Iran adheres to ambiguity over attack on US base in Syria

0

TEHRAN – Iran’s Foreign Ministry suggested on Tuesday that a statement by a group called the Iranian Consultative Center in Syria – which warned US forces of fresh attacks – was not representative of Tehran’s position.

“The Ministry of Foreign Affairs or the Embassy in Damascus will make public Iran’s official positions on the fight against terrorism in Syria,” ministry spokesman Nasser Kanaani said, according to the state-run IRNA news agency.

In a statement circulated on social media last week, the body issued a warning to US forces in Syria, promising to target them if they attack Iranian troops or bases there.

While carefully avoiding commenting on the group’s affiliation, Kanani reiterated on the official Iranian line that his presence in Syria comes at the behest of the Syrian government and for the purpose of “helping the Syrian army and people against terrorist groups.”

Iran has claimed that its forces in Syria are only acting in an advisory role, rather than engaging in direct combat activities.

The statement from the largely unknown group came in response to a series of American military strikes in Syria’s Deir ez-Zor province last Thursday.
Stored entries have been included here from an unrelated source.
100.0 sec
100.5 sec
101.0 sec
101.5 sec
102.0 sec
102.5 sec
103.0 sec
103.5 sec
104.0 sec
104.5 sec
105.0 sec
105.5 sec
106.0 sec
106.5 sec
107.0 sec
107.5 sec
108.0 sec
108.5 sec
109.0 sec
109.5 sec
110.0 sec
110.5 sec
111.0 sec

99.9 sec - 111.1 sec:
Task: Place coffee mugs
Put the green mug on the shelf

The targeted facilities are reported to belong to the Islamic Revolutionary Guard Corps (IRGC).

The US military explained that the airstrikes came in retaliation for a drone strike on a maintenance facility run by the US-led coalition. An American contractor was killed and five soldiers wounded in what Washington blamed on Iranian-backed proxies. Tehran, for its part, has accused the United States of targeting civilians in Deir ez-Zor.

Iran-backed militias have carried out several drone attacks on US targets in Syria in recent years, including the January attack on the Al-Tanf garrison in Homs province.
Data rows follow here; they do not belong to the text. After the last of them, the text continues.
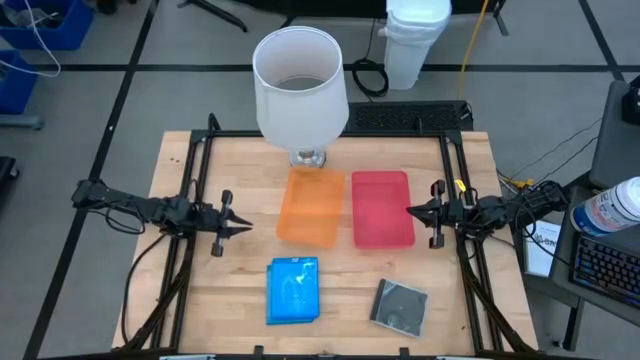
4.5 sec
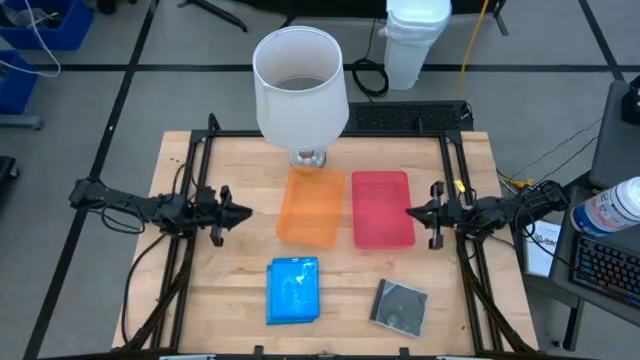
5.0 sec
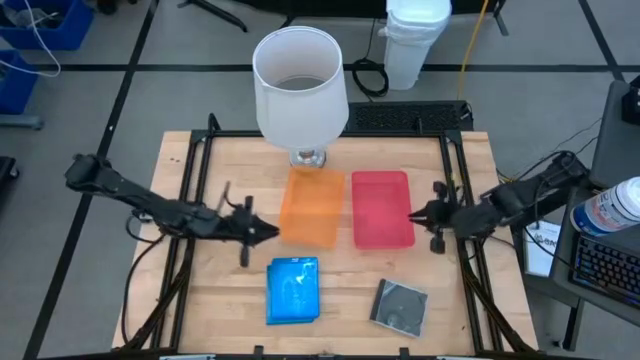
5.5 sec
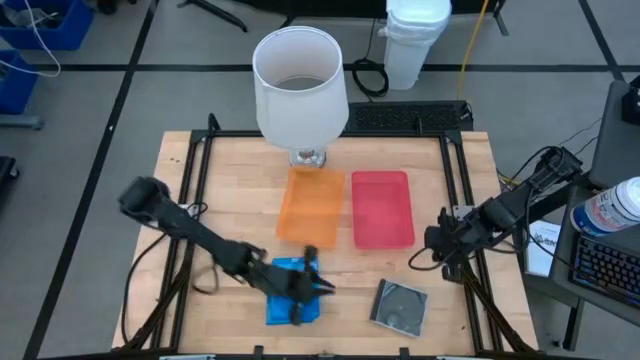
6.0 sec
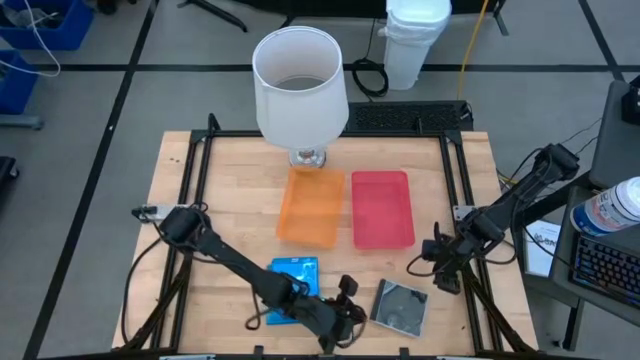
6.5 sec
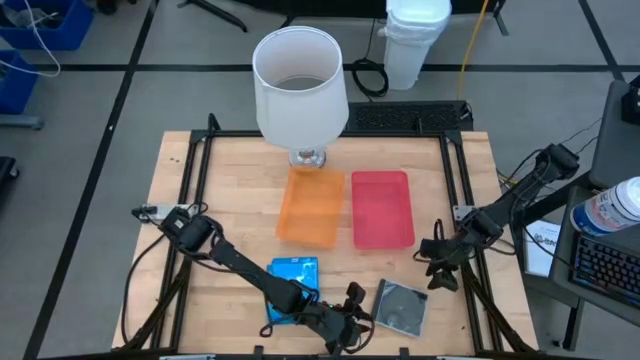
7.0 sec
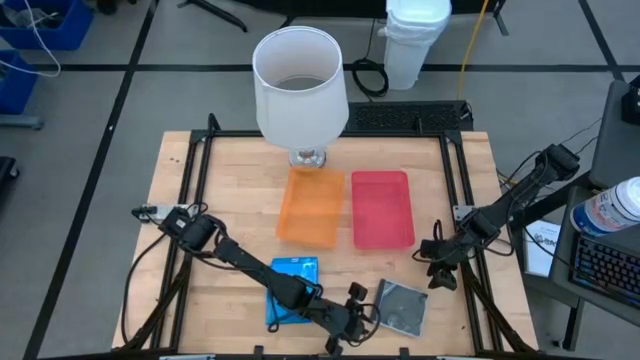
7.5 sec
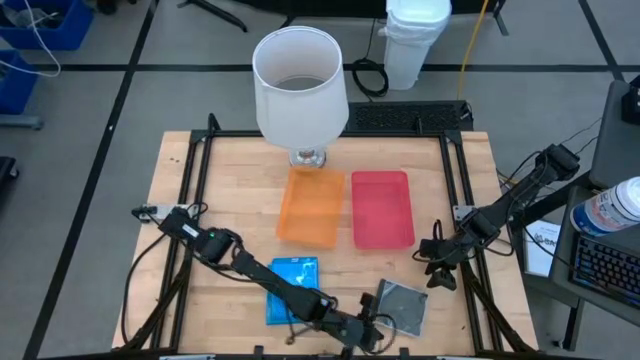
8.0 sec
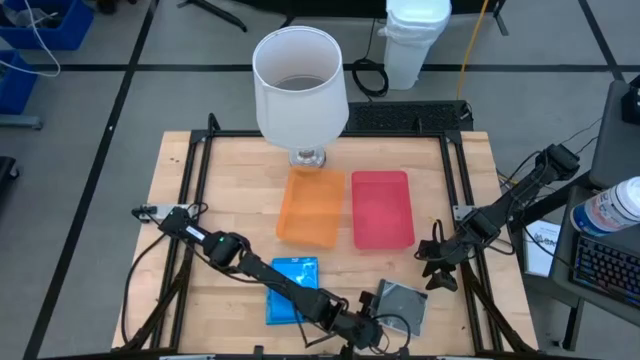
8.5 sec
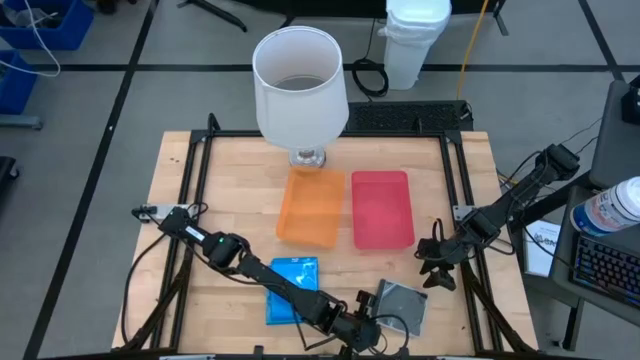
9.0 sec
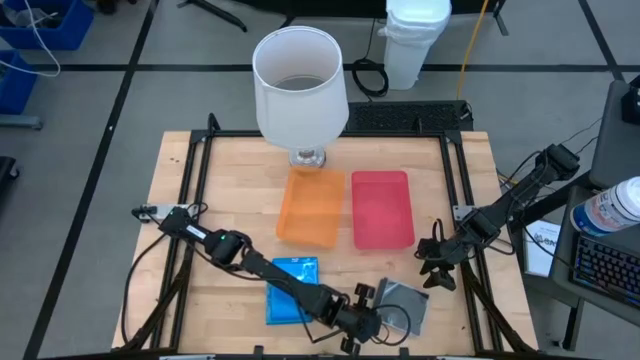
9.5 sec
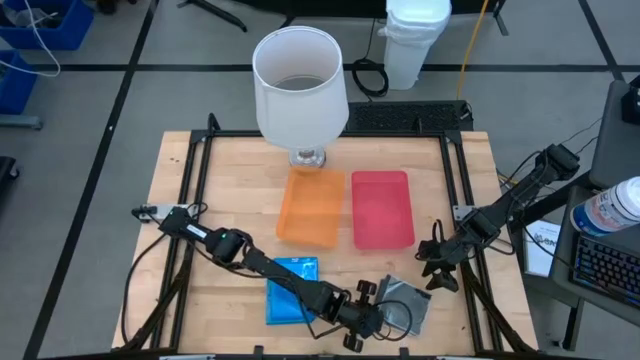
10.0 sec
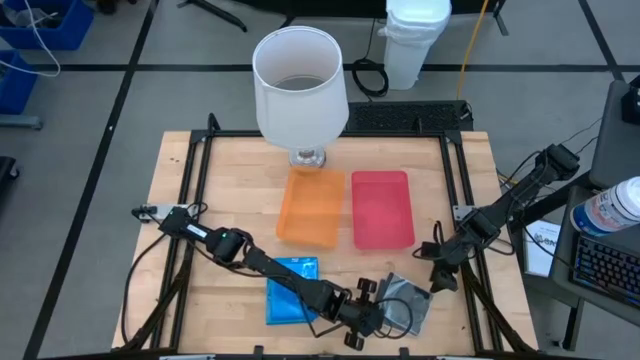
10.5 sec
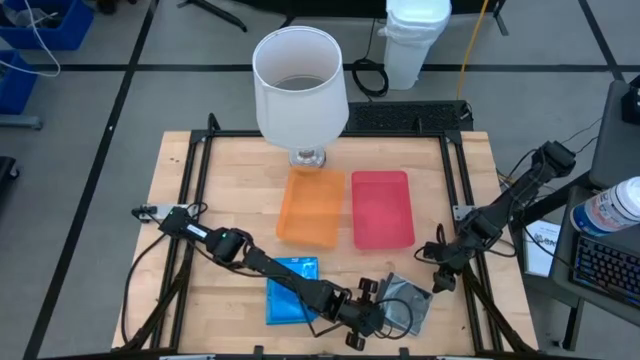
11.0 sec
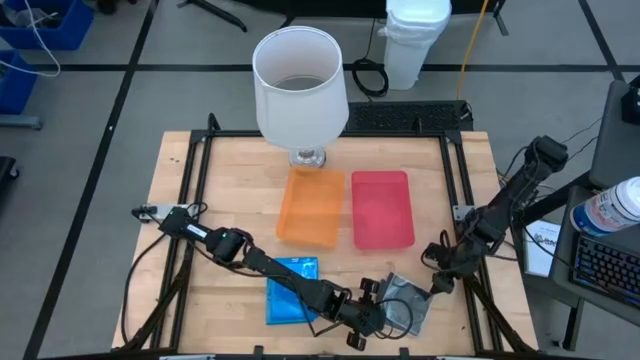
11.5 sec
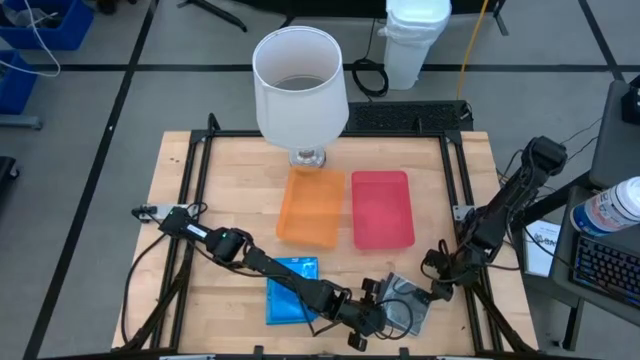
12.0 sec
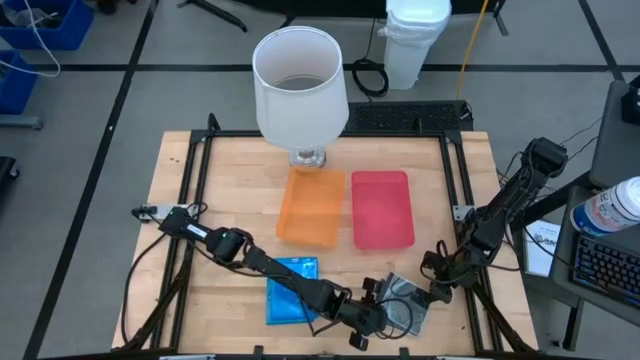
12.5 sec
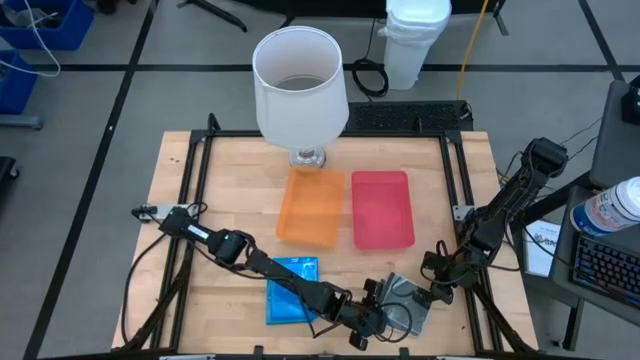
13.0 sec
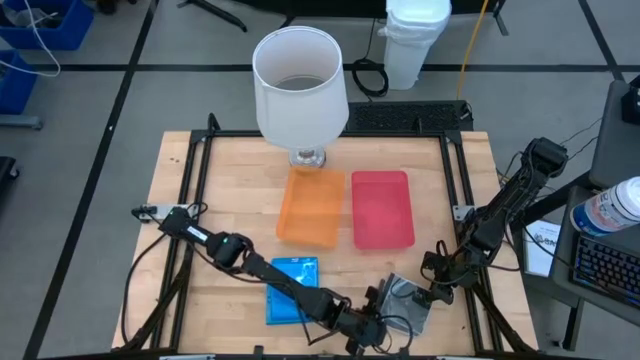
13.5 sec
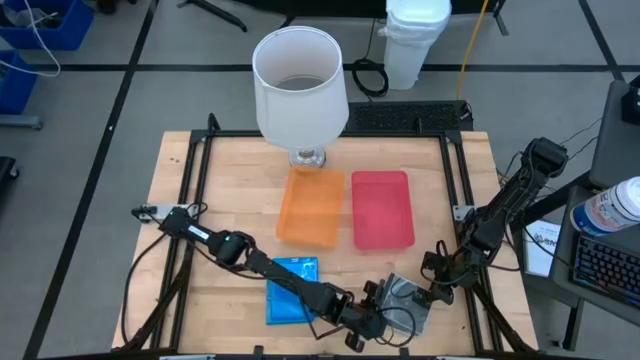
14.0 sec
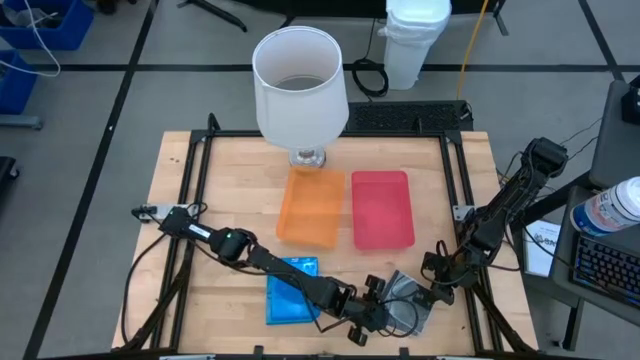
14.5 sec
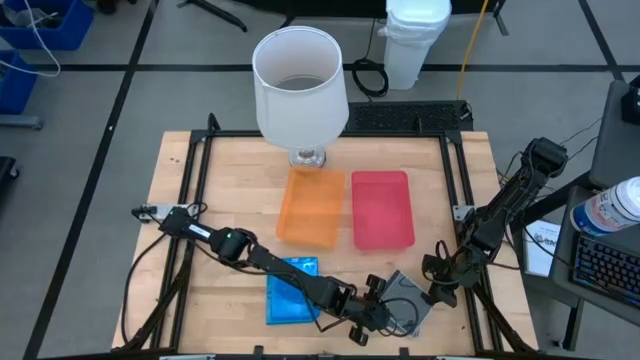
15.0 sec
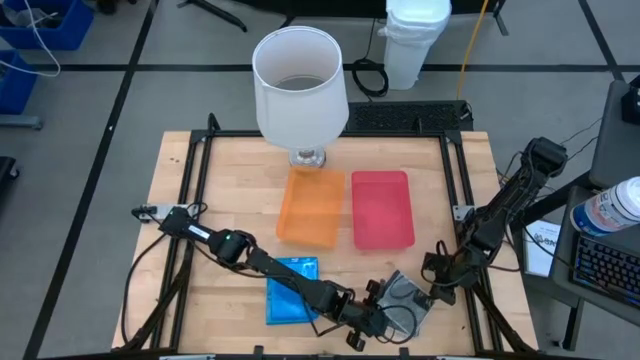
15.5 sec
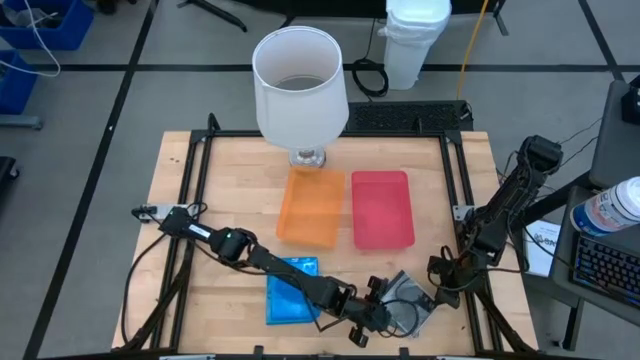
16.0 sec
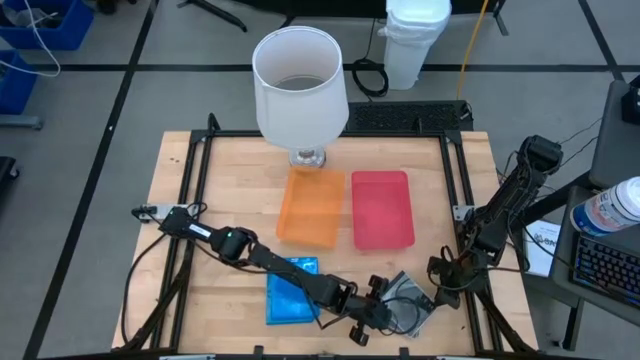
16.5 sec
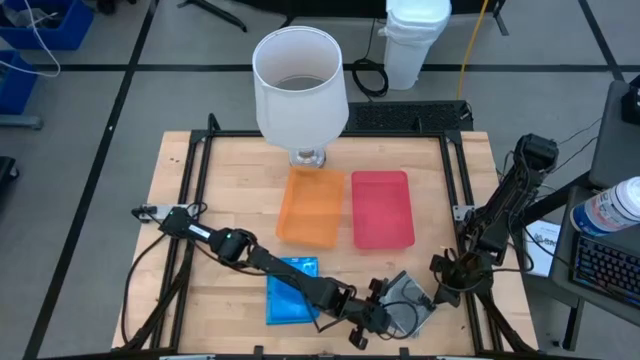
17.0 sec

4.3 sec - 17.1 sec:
Task: Pick & place jewel cases by type
Put the black CD case into the red bin

After last week, IRGC media outlets published a claim of responsibility from another obscure Iraqi group. Fars and Tasnim news agencies released a statement in Arabic attributed to Liwa al-Ghalibun, the “Brigade of Bucks,” without elaborating on the group’s background, prompting arguments that the IRGC is using those names as a cover to avoid accountability.

While doing well to avoid direct demands, Iran has acknowledged its support for a network of anti-American and anti-Israeli militias across the Middle East.

“We openly declare our support for the resistance,” Supreme Leader Ayatollah Ali Khamenei said last week in a speech celebrating Iran’s new year. What Tehran calls the “counter-resistance” is largely to its Western proxies as fringe terrorist groups that destabilize the Middle East.

Over the past decade, the presence of the IRGC in Syria and Iraq has interfered with the normal duties of the Iranian Ministry of Foreign Affairs. Even ambassadors to both countries were appointed not from the career diplomats of the Ministry of Foreign Affairs, but from among the men in uniform serving with the IRGC’s Quds Force, the notorious branch responsible for overseas activities.

As early as Monday, senior Quds Force commander Hossein Akbari was named as Iran’s new ambassador to Damascus.